● Record extracts:
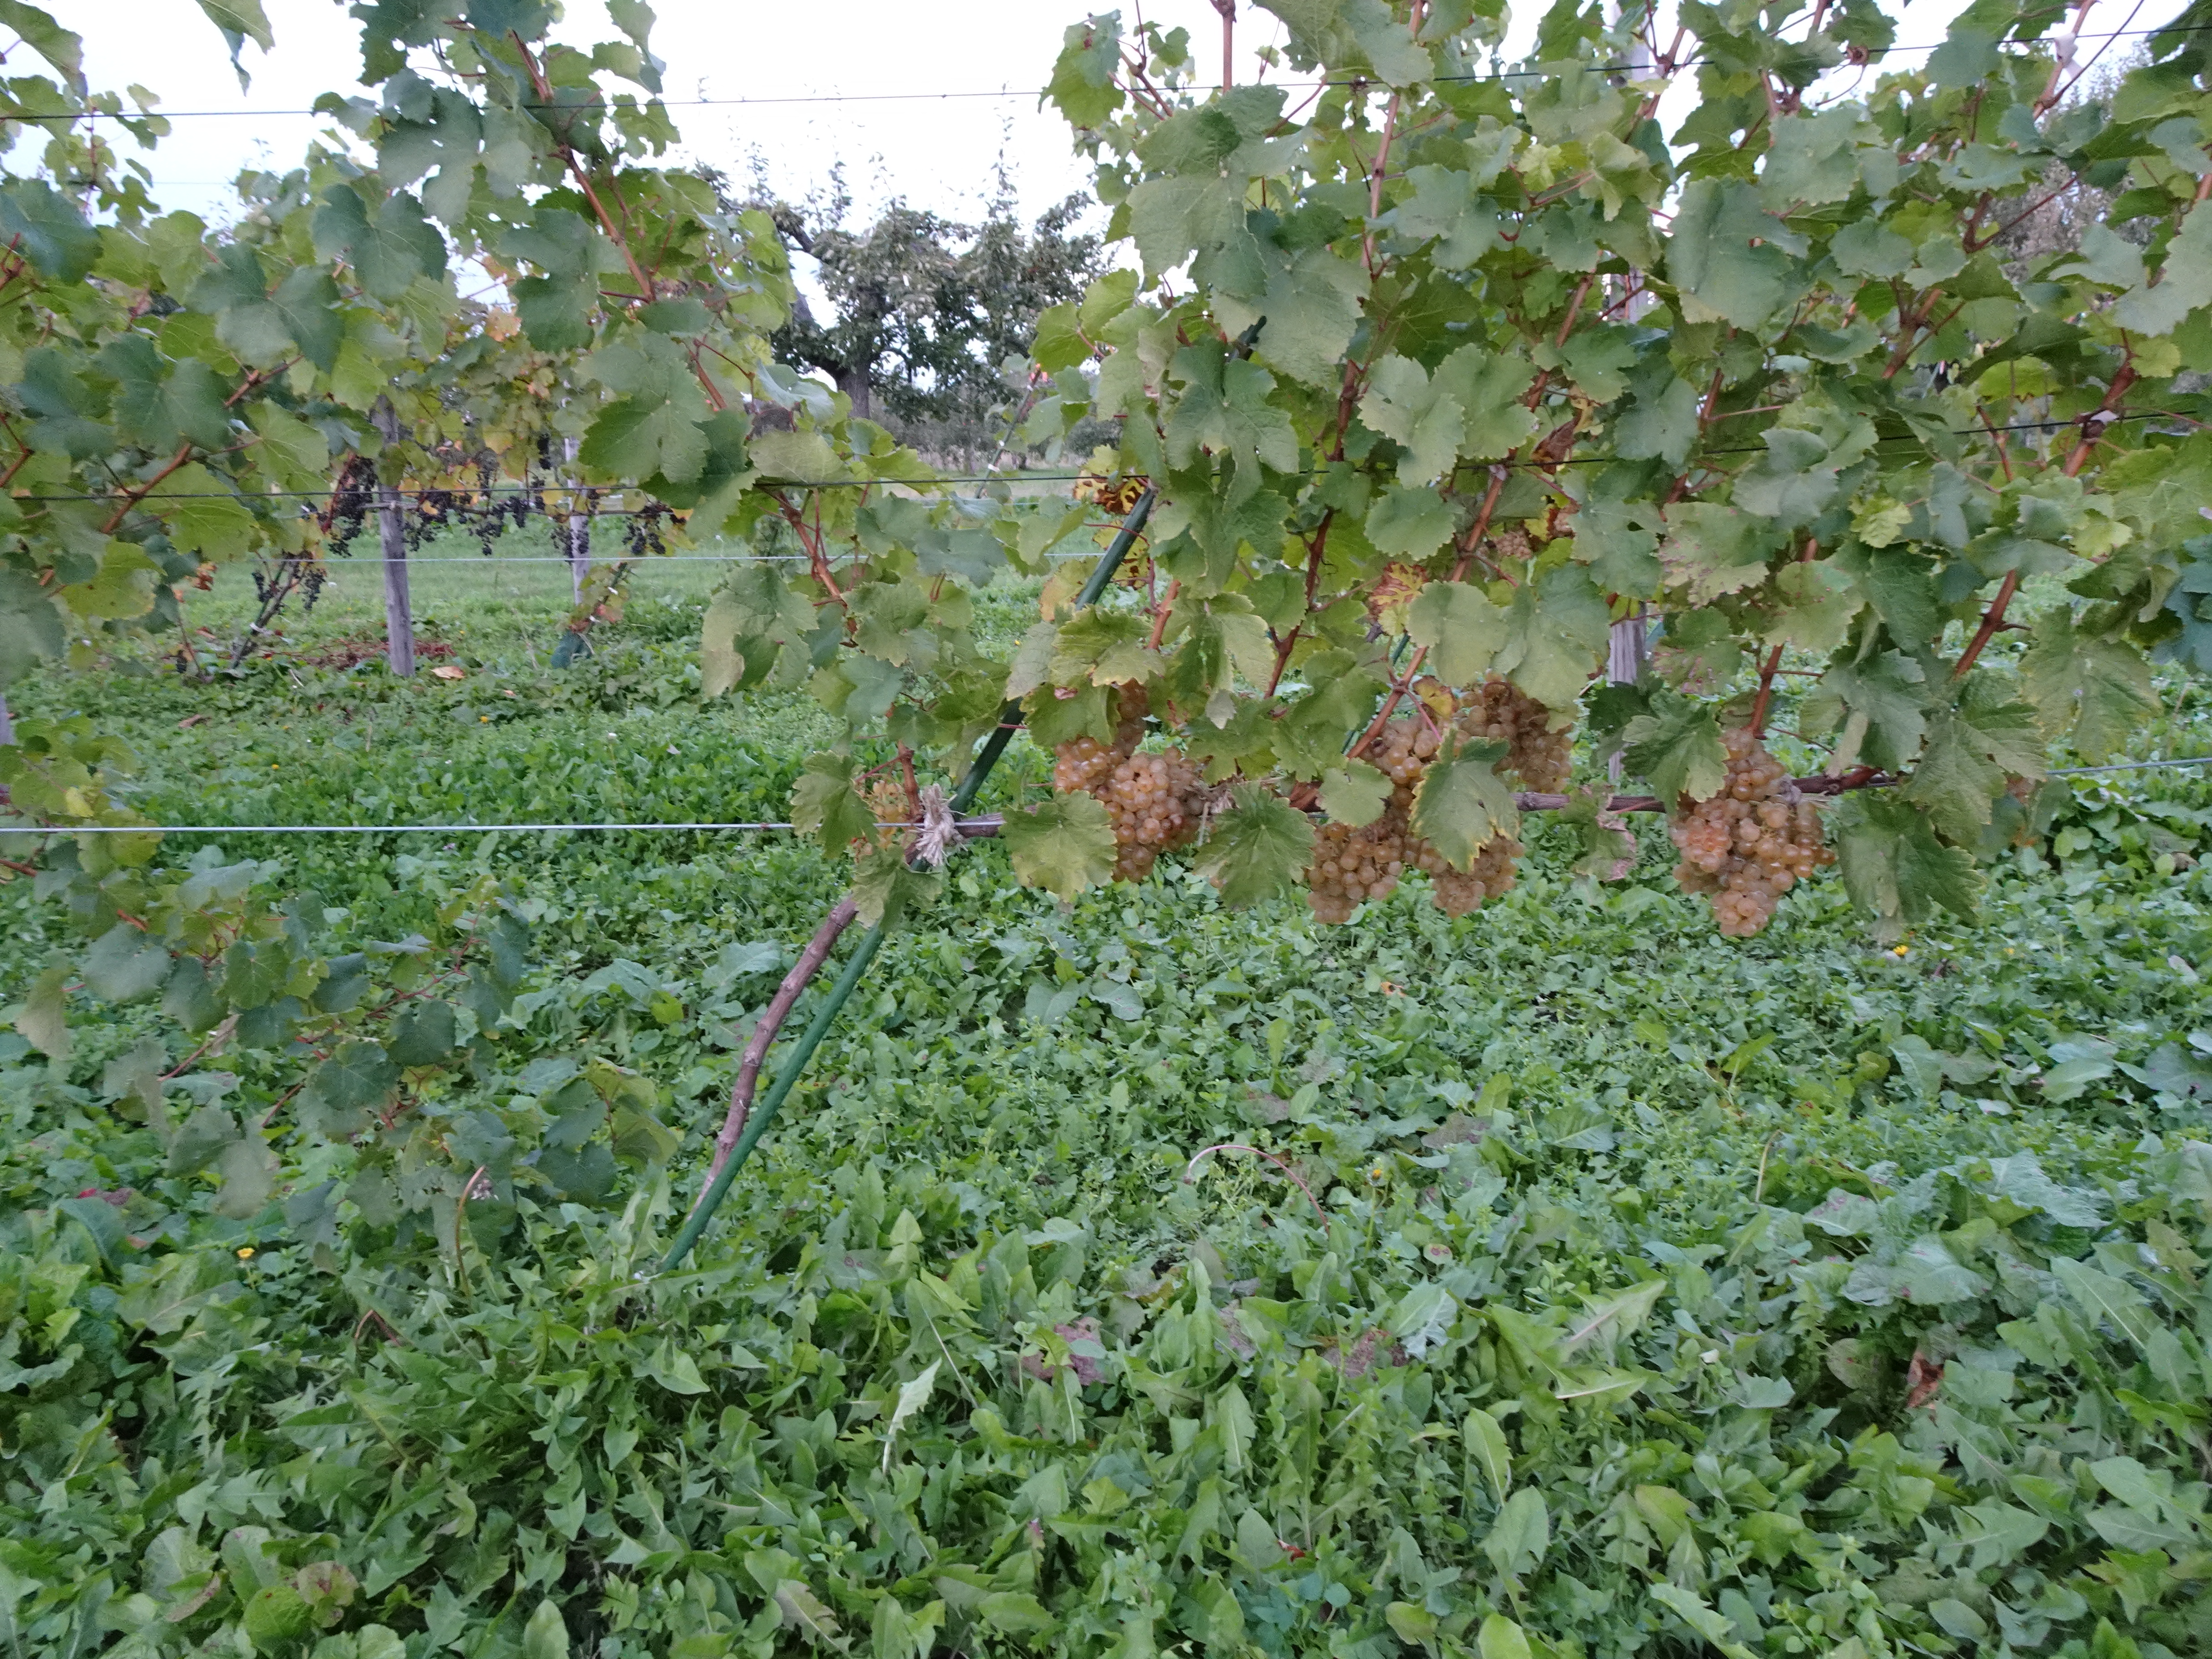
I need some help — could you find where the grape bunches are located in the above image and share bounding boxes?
[2004,771,2033,806]
[1711,783,1834,943]
[1507,698,1579,804]
[1667,728,1786,873]
[1360,713,1440,847]
[1303,822,1366,926]
[1552,502,1578,533]
[1405,835,1451,872]
[1431,863,1484,921]
[1496,533,1534,562]
[1095,745,1196,884]
[1452,669,1518,774]
[1672,863,1720,897]
[1103,677,1151,758]
[856,779,909,858]
[1164,791,1204,853]
[1471,835,1525,901]
[1051,737,1125,800]
[1358,844,1409,901]
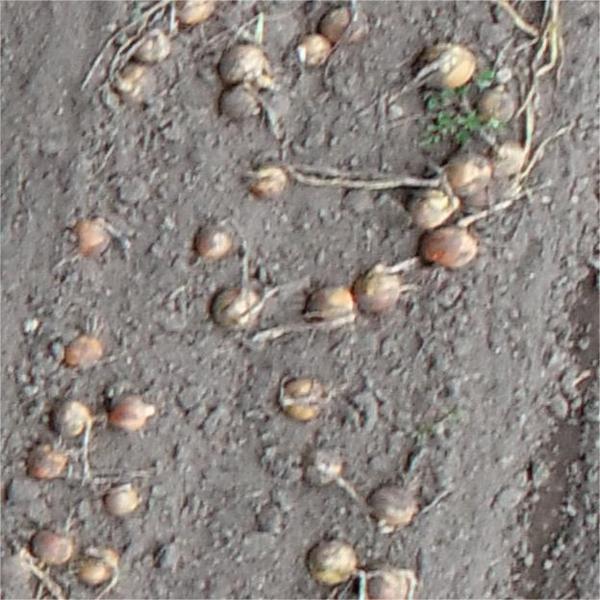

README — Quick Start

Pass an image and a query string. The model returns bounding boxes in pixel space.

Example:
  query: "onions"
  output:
[54,398,93,438]
[193,221,234,259]
[496,143,524,174]
[211,286,262,331]
[420,223,474,267]
[249,160,288,201]
[76,553,111,586]
[222,84,259,121]
[139,32,166,62]
[177,0,213,27]
[370,483,412,528]
[478,90,512,121]
[365,566,414,599]
[31,529,73,565]
[281,374,321,422]
[307,537,357,583]
[112,61,151,103]
[110,392,151,431]
[445,153,492,195]
[221,43,271,87]
[309,282,351,324]
[296,33,329,67]
[411,187,453,228]
[61,331,103,368]
[354,264,401,312]
[74,218,108,255]
[25,441,65,481]
[309,450,343,483]
[417,43,475,89]
[317,10,366,45]
[104,479,140,515]
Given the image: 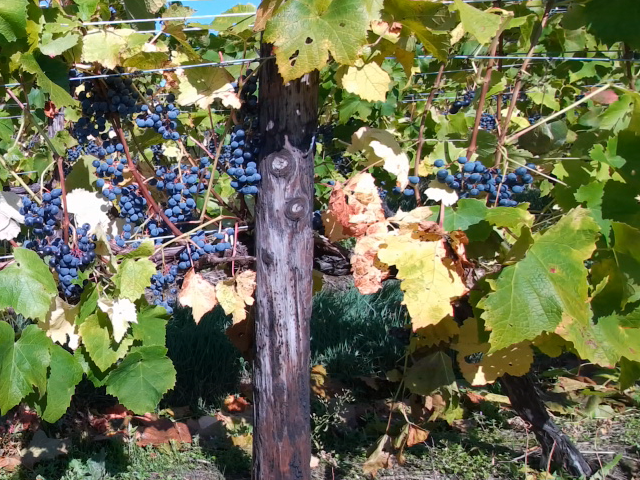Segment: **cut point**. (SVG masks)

● Task requirements:
Give every line of the material that includes the string "query".

● Completed exercise:
Pass an image and a query string. The model returns bounding boxes in pixel space.
  query: "onions"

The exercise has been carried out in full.